The state court initially awarded him 43,470 euros in 2016 because he spent 1,036 days in detention until he was cleared of the war crimes charges under a final, second-instance verdict.
Civcic challenged the amount, but his request to be awarded more compensation was initially rejected by the state court’s review chamber.
An appeal was then filed with the Constitutional Court, which on February 5 told the state court to rule again on the payment to Civcic.
“The case has been referred back to the Court of Bosnia and Herzegovina, which is obliged to render a new decision by emergency procedure,” the Constitutional Court said in its decision, which was not initially made public.

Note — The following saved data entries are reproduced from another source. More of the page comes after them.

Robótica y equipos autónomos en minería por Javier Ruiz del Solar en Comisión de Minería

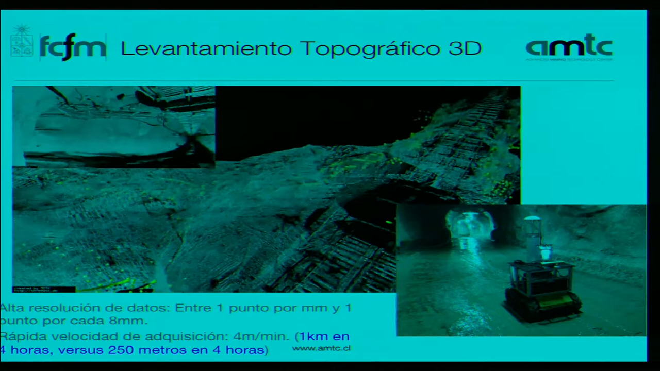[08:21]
donde usando el mismo tipo de tecnología se hace un levantamiento tridimensional de un túnel de producción. Esto es la mina Esmeralda del Teniente. Ahora, ¿qué importancia puede tener esto?
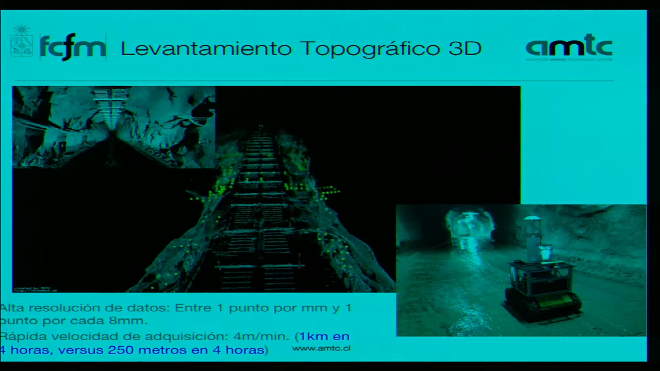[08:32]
La importancia es que este tipo de levantamientos que se requieren para la operación de la mina usando tecnología robótica se pueden hacer cuatro veces más rápido que usando tecnología convencional.
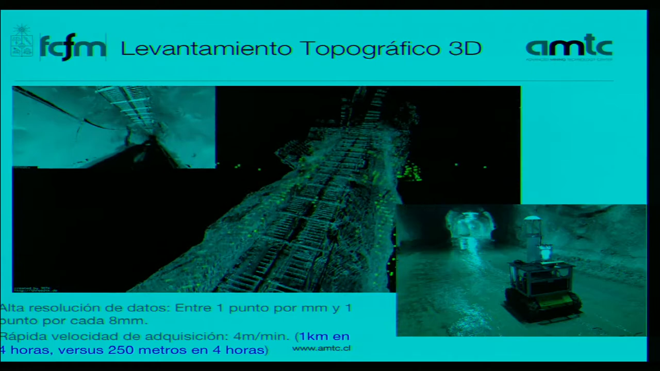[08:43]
Y esto implica que en lugares donde muchas veces no se hacen estos levantamientos porque no se quiere parar la producción, usando esta tecnología sí que se pueden hacer los levantamientos.

Lawyer Savan Zec, who represents Civcic, said that a decision should be handed down within a three-month deadline imposed on the state court by the Constitutional Court.

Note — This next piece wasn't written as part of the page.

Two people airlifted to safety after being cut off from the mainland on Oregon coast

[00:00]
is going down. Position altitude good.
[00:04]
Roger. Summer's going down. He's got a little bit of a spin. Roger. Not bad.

“He was awarded the amount of 85,000 Bosnian marks [43,470 euros] for having spent two years and ten months in detention. Mathematically speaking, this means he gets 82 Bosnian marks [42 euros] per day,” Zec said.

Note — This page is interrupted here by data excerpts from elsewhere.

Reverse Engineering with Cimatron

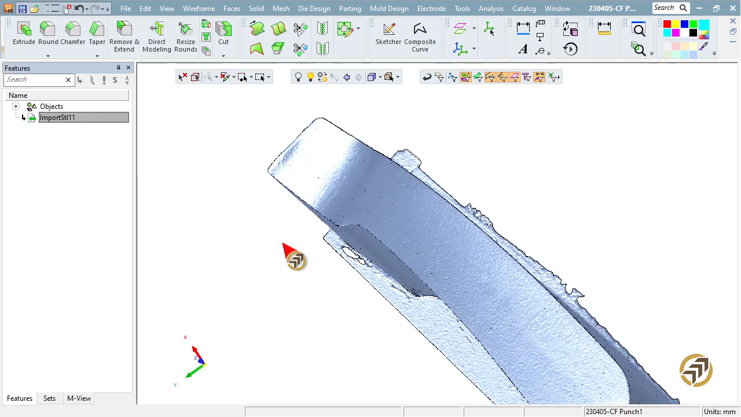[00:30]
So it's better to simplify the STL before you import the model.
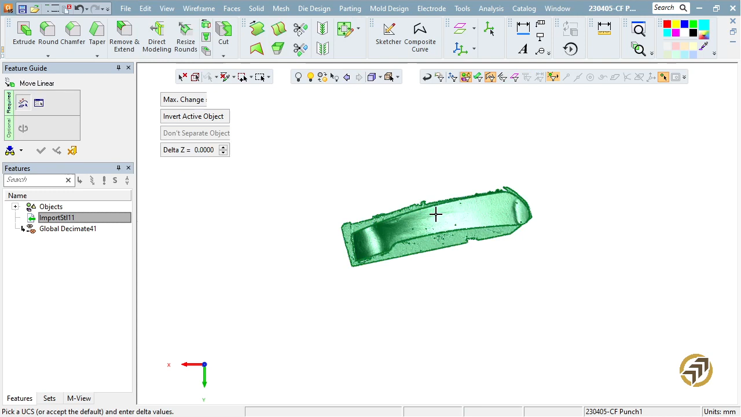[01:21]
roughly from here to the origin.
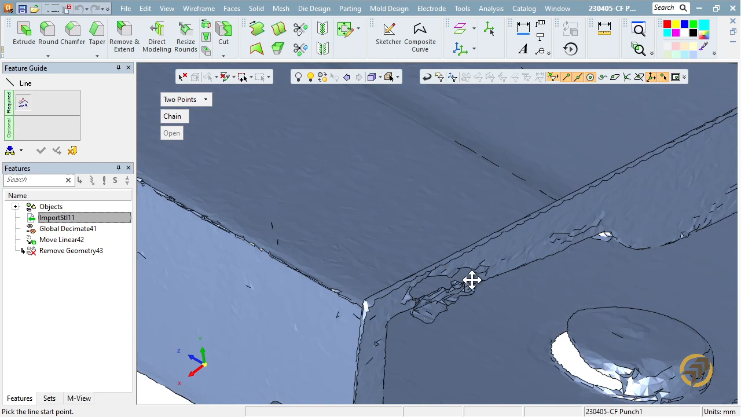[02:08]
measure the angle, find out what's the angle roughly that I need to rotate this part.
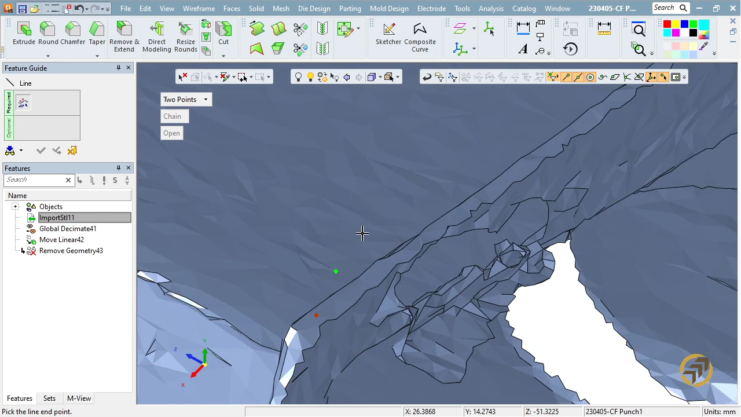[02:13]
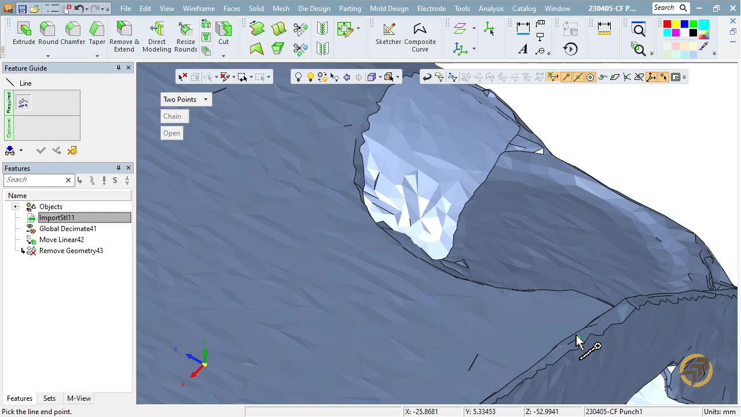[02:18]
So, okay, line, and go to plane,
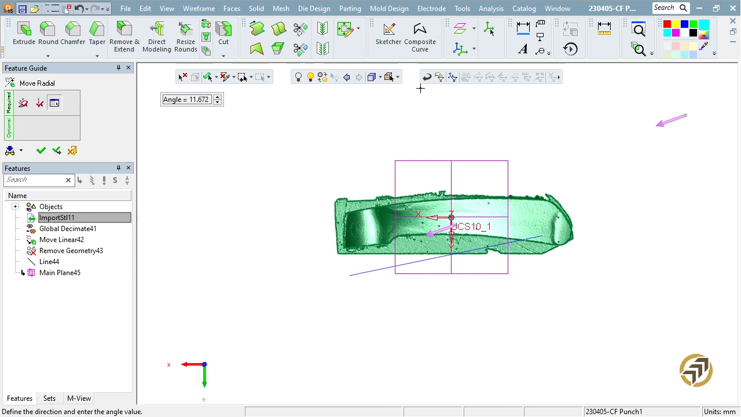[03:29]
Directions should be okay now. Let's remove this line.
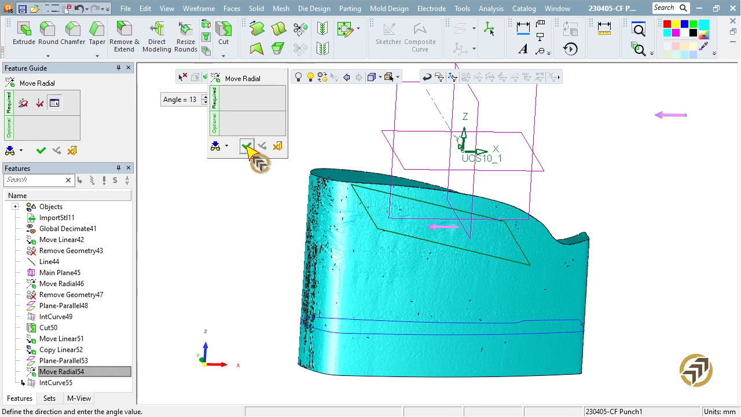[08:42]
13 degree. Looks good to me.

“We consider it would be fair for the amount to be bigger, because when you pay to the state, you pay 100 Bosnian marks [51 euros] per day, but when it is the other way round, the amount is smaller,” he added.
Zec was referring to the 100 Bosnian marks per day that convicts can pay the state to stay out of prison if they are sentenced to less than a year in jail.
Civcic, a former policeman with the Interventions Squad at the Public Security Station in Prijedor, was acquitted in September 2013 of participating in the mass killing at Koricanske Stijene in August 1992.